Transcribe every entry that follows exactly, omitting all pictures.

[[ Provided entries open ]]

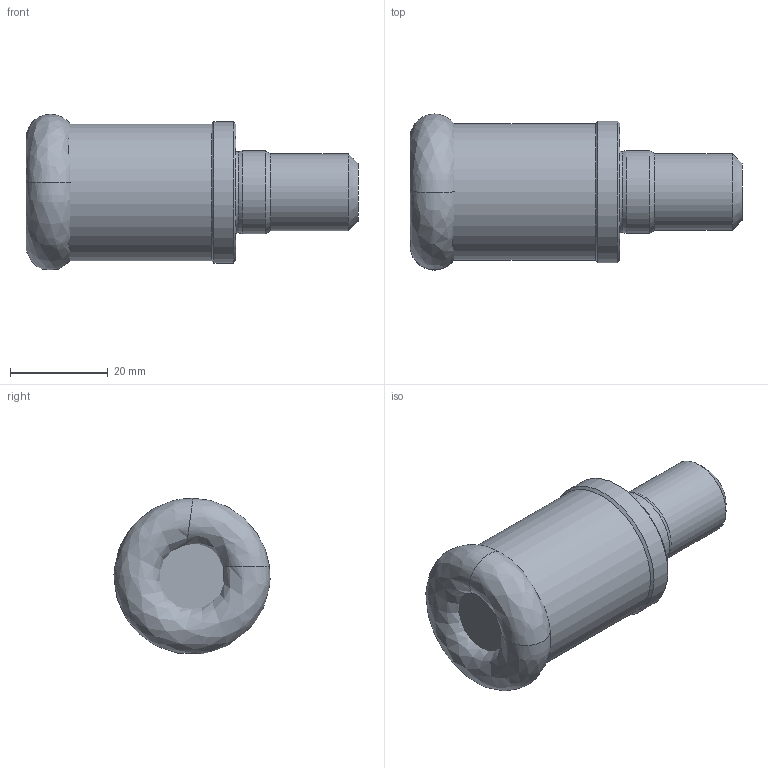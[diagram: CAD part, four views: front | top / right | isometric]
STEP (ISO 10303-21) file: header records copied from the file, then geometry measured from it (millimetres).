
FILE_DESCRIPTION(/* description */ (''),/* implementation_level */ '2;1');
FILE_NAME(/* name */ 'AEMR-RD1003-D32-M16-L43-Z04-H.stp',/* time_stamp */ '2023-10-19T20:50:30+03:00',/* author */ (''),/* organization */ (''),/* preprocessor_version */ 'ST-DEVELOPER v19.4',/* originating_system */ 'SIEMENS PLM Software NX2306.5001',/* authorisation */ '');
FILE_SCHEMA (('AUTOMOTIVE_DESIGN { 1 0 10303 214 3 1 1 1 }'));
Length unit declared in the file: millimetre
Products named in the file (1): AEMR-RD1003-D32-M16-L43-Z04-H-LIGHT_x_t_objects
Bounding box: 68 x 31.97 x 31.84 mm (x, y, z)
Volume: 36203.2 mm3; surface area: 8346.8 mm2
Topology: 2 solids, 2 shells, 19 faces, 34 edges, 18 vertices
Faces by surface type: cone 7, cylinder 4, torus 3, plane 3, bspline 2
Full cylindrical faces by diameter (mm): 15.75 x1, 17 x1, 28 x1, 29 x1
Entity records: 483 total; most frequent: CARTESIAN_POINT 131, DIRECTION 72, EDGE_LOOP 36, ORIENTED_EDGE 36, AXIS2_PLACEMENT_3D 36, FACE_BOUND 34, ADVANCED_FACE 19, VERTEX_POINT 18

[[ Provided entries closed ]]

Solution to the exercise
[diagram: CAD part, four views: front | top / right | isometric]
STEP (ISO 10303-21) file: header records copied from the file, then geometry measured from it (millimetres).
FILE_DESCRIPTION(/* description */ (''),/* implementation_level */ '2;1');
FILE_NAME(/* name */ 'AEMR-RD1003-D32-M16-L43-Z04-H.stp',/* time_stamp */ '2023-10-19T20:50:30+03:00',/* author */ (''),/* organization */ (''),/* preprocessor_version */ 'ST-DEVELOPER v19.4',/* originating_system */ 'SIEMENS PLM Software NX2306.5001',/* authorisation */ '');
FILE_SCHEMA (('AUTOMOTIVE_DESIGN { 1 0 10303 214 3 1 1 1 }'));
Length unit declared in the file: millimetre
Products named in the file (1): AEMR-RD1003-D32-M16-L43-Z04-H-LIGHT_x_t_objects
Bounding box: 68 x 31.97 x 31.84 mm (x, y, z)
Volume: 36203.2 mm3; surface area: 8346.8 mm2
Topology: 2 solids, 2 shells, 19 faces, 34 edges, 18 vertices
Faces by surface type: cone 7, cylinder 4, torus 3, plane 3, bspline 2
Full cylindrical faces by diameter (mm): 15.75 x1, 17 x1, 28 x1, 29 x1
Entity records: 483 total; most frequent: CARTESIAN_POINT 131, DIRECTION 72, EDGE_LOOP 36, ORIENTED_EDGE 36, AXIS2_PLACEMENT_3D 36, FACE_BOUND 34, ADVANCED_FACE 19, VERTEX_POINT 18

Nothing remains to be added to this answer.